Combating Food Waste – ‘One dinner at a time’

Fresh produce at the market. Photograph: ja ma/Unsplash

Every Wednesday afternoon, around closing time, a group of students strolls around the green market in the Hague and asks for free food. But this is not simply about getting free stuff, it is about saving food that would otherwise be thrown away.

In the Netherlands alone, over two million tons of food are thrown away annually according to the Netherlands Nutrition Centre, a government sponsored foundation that informs consumers and professionals about food, food waste and related topics.

In The Hague, the Conscious Kitchen was founded in 2016 to “fight food waste and create a centre of community,” says John Melnyk, one of the organisers. They use the saved food from the market to cook a dinner for up to 70 people. At least, that was their routine in pre-Corona times. 

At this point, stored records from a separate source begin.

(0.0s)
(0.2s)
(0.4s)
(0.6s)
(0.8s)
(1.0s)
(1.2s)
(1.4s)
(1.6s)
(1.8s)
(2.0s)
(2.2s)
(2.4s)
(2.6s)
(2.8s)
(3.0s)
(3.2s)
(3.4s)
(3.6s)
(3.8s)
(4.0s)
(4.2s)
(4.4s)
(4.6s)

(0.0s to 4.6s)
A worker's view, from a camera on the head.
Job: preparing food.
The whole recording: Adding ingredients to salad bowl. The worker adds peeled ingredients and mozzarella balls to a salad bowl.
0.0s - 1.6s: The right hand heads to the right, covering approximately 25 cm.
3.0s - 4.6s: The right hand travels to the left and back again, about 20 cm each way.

The students from the Hague are part of a growing movement of local initiatives that try to solve the waste of food problem. In Leiden, the Green Kitchen, founded in 2018, follows the same approach, as well as the Free Café in Groningen that distributes meals and organises dinners in two locations. 

Taste Before You Waste is a group that was founded in Amsterdam, but has since then branched out to Utrecht, Bussum and even across the ocean to Kingston, Canada Auckland, and New Zealand.

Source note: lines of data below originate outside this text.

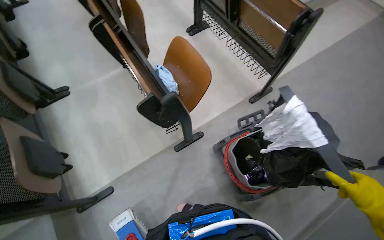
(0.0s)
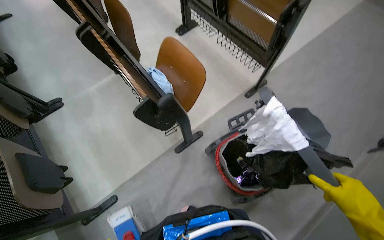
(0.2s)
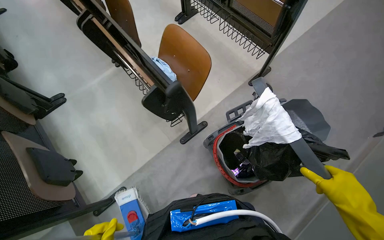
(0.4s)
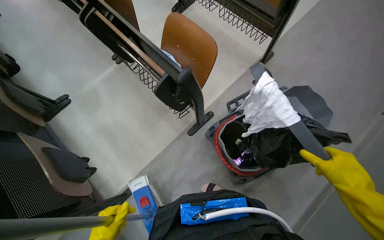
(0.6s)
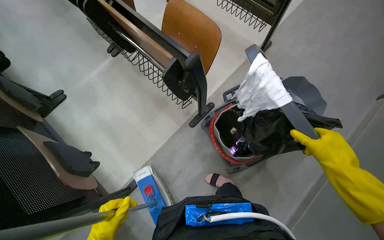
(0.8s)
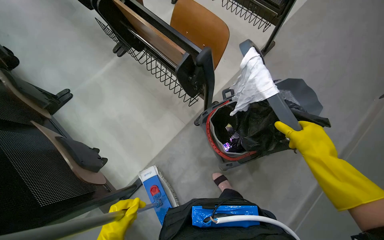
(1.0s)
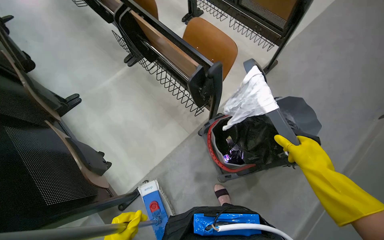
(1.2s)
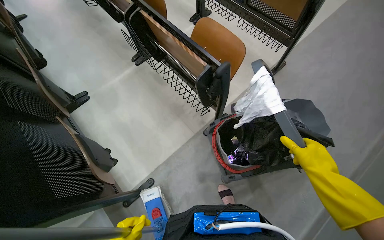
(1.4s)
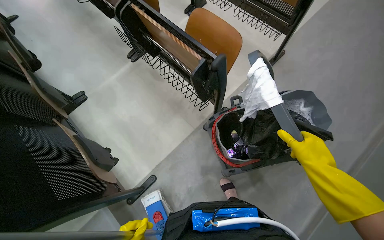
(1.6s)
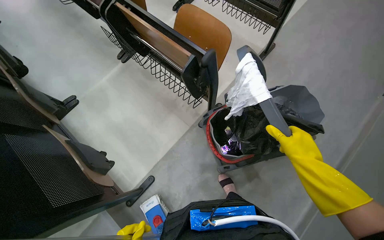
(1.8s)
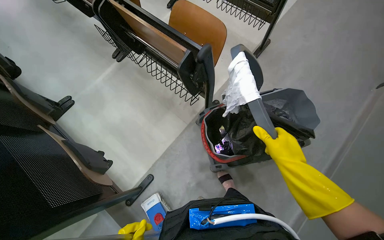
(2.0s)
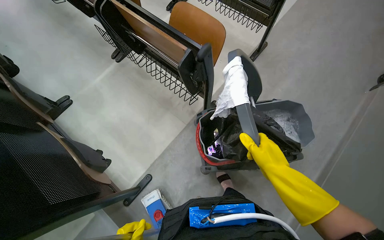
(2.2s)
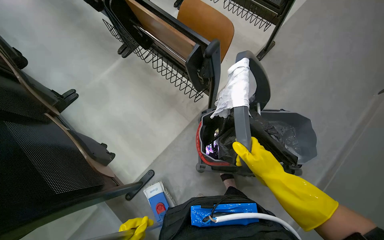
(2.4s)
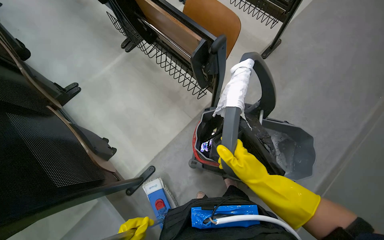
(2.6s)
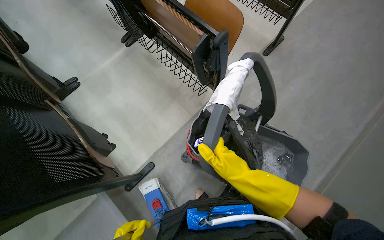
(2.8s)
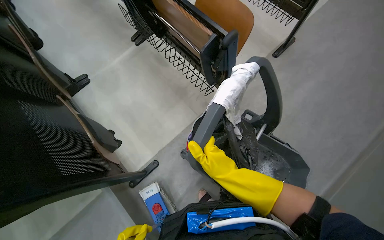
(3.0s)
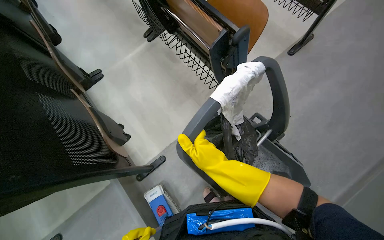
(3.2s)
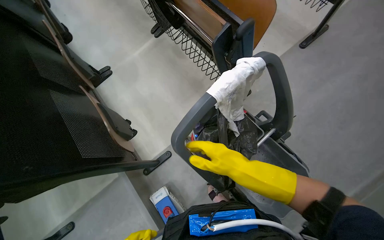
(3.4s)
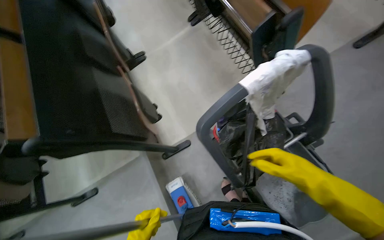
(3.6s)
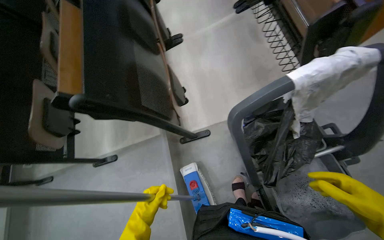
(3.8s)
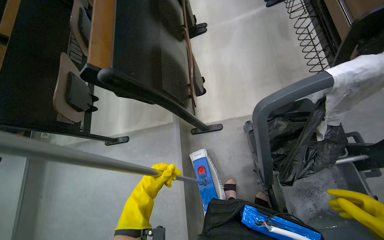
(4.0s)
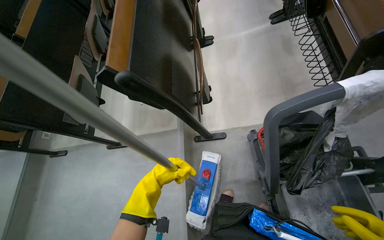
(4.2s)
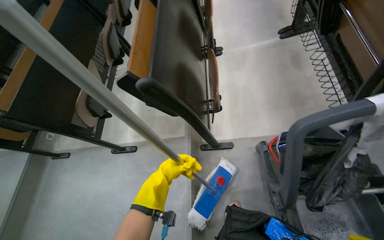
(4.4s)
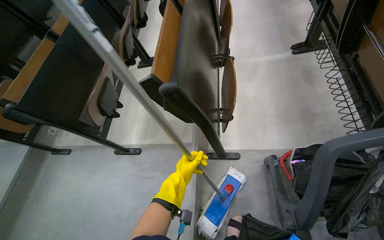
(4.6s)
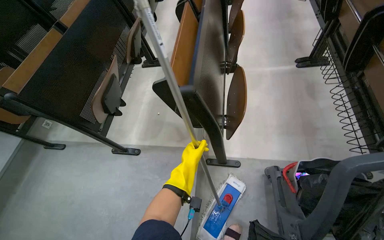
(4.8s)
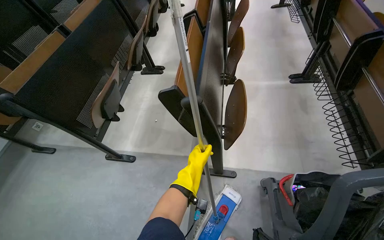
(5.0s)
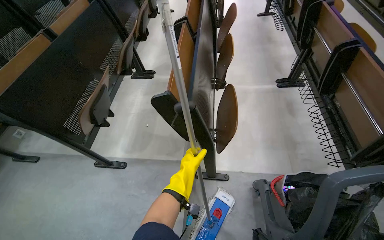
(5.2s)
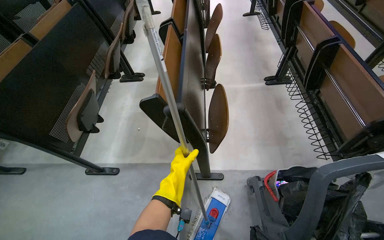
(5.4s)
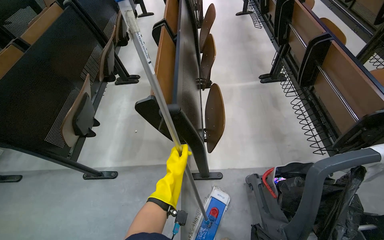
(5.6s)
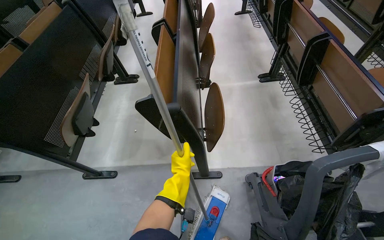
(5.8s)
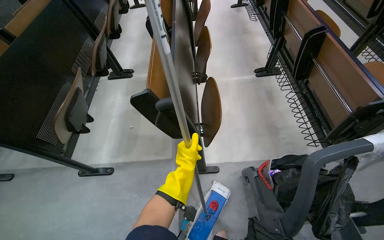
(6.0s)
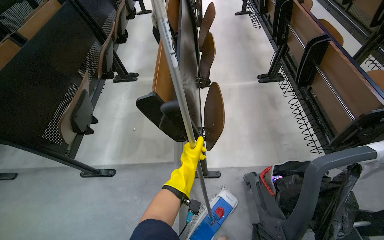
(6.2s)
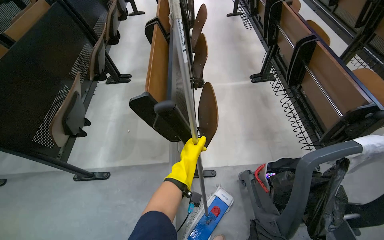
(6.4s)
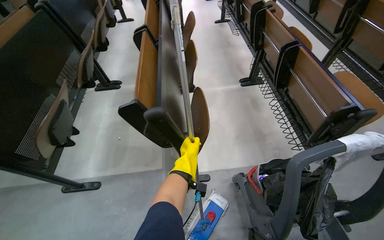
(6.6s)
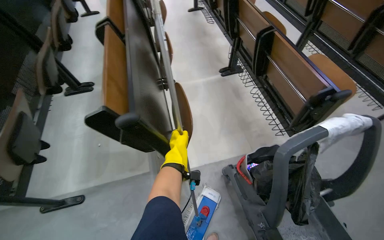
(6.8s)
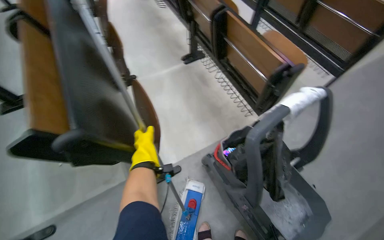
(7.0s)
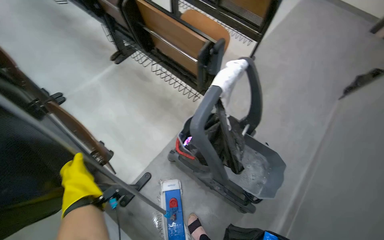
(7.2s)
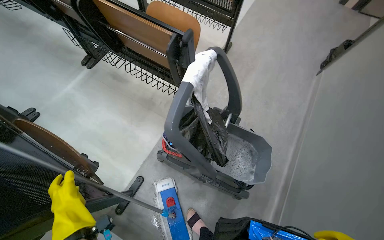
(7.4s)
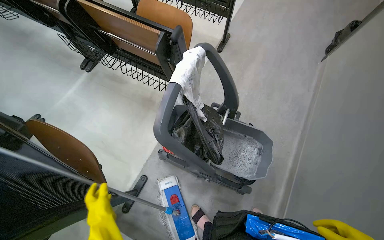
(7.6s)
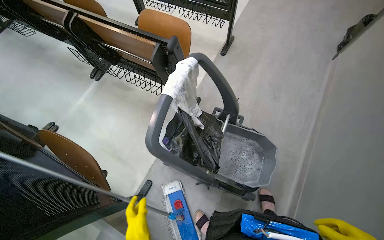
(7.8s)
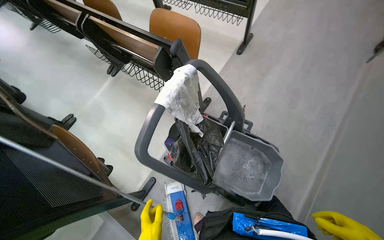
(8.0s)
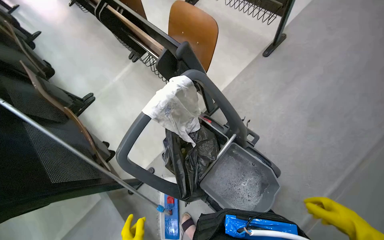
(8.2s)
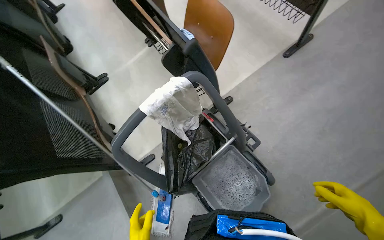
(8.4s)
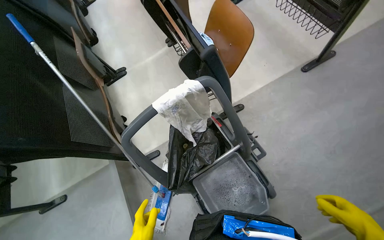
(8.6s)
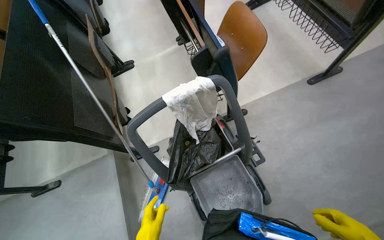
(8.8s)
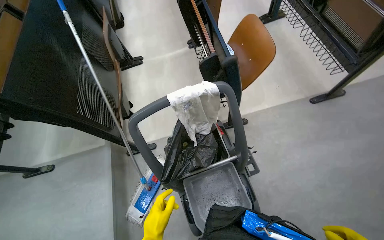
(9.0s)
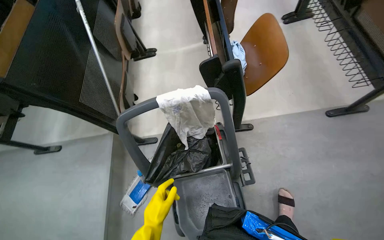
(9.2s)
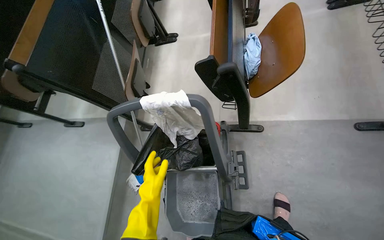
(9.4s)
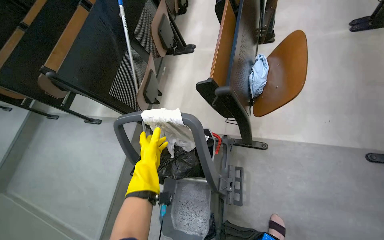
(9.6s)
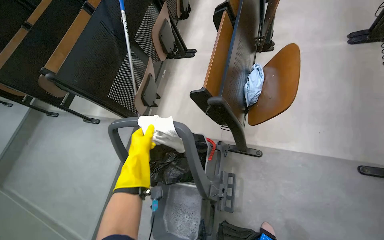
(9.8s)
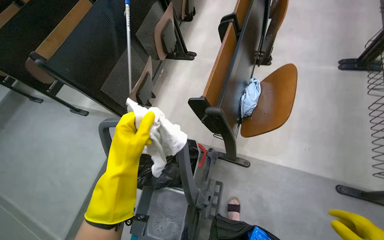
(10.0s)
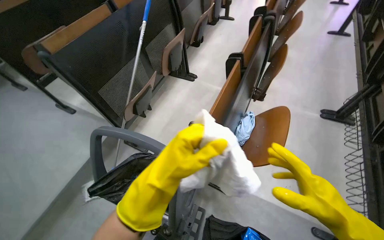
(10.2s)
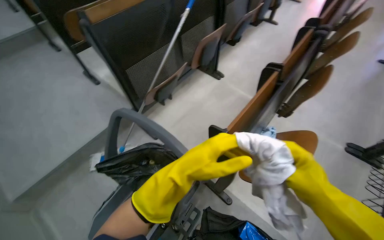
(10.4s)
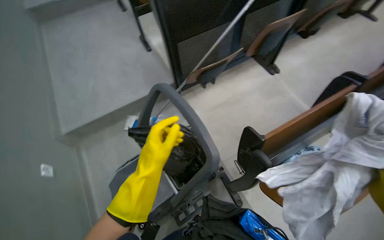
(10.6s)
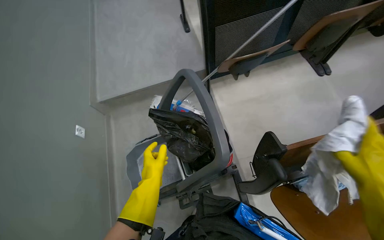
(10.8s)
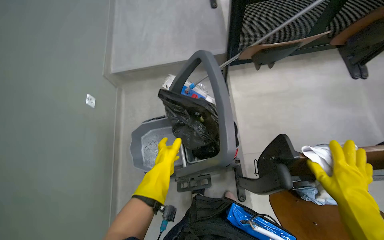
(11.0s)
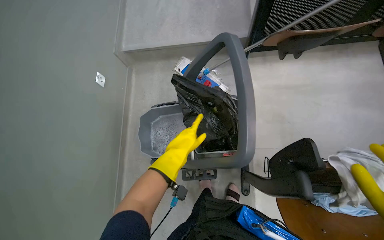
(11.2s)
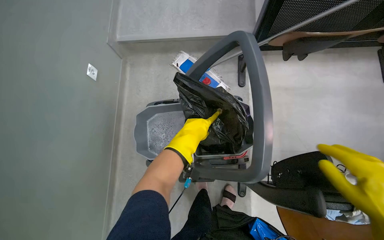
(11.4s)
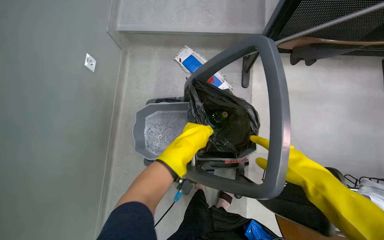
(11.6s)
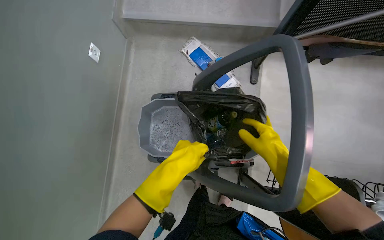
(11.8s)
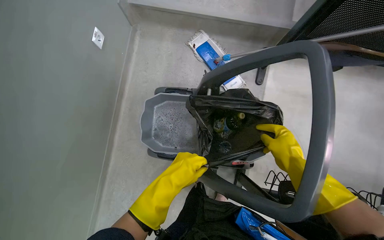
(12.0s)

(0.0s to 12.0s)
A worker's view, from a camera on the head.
Job: managing trash.
The whole recording: Collecting trash into cart. The worker collects various trash items from desks and places them into the cart.
1.6s - 3.0s: The right hand travels to the left by some 25 cm.
3.0s - 4.4s: The head turns to the left by approximately 45 degrees.
6.0s - 7.6s: The wearer looks some 60 degrees further to the right.
7.6s - 9.0s: The head rotates roughly 50 degrees to the left.
9.0s - 10.4s: The head turns to the left by approximately 55 degrees.
10.4s - 12.0s: The wearer looks roughly 60 degrees further to the left. The view tips downward by approximately 35 degrees.

However, the problem cannot be solved by food savers alone. Isabel Allen, from Taste Before You Waste, says that supermarkets contribute to the problem by, for example, only selling good looking and shiny vegetables. But she also contends that “consumers would probably not accept it, if supermarkets changed their approach tomorrow.”

This expectation of what our food should look like is a big problem, because it leads to food waste from the beginning of the food chain. Allen says that “a lot of vegetables are left on the field because they do not fit the standards.” 

Taste Before You Waste wants to raise awareness about the problem and change consumers perspective on what is food and what is waste. To that end, they do not only organise dinners, but also workshops and presentations about food waste. They do that in partnership with other organisations and schools to reach a wider audience.

It came as a surprise that all three organisations that spoke to The Lens only collect at markets and not at supermarkets. John Melnyk, of the Conscious Kitchen says that it is mainly due to limited capacity and that the food from the market is more than enough “to feed all the people at the dinners.” 

Zita Krisztina Zena, from the Green Kitchen in Leiden, says that they approached supermarkets without success because it was too difficult for them to change their work routines for such a small scale cooperation.

Currently, due to the pandemic, all organizations have scaled down their operations and are exploring other options, such as distributing the food directly or organizing events with a stronger focus on education.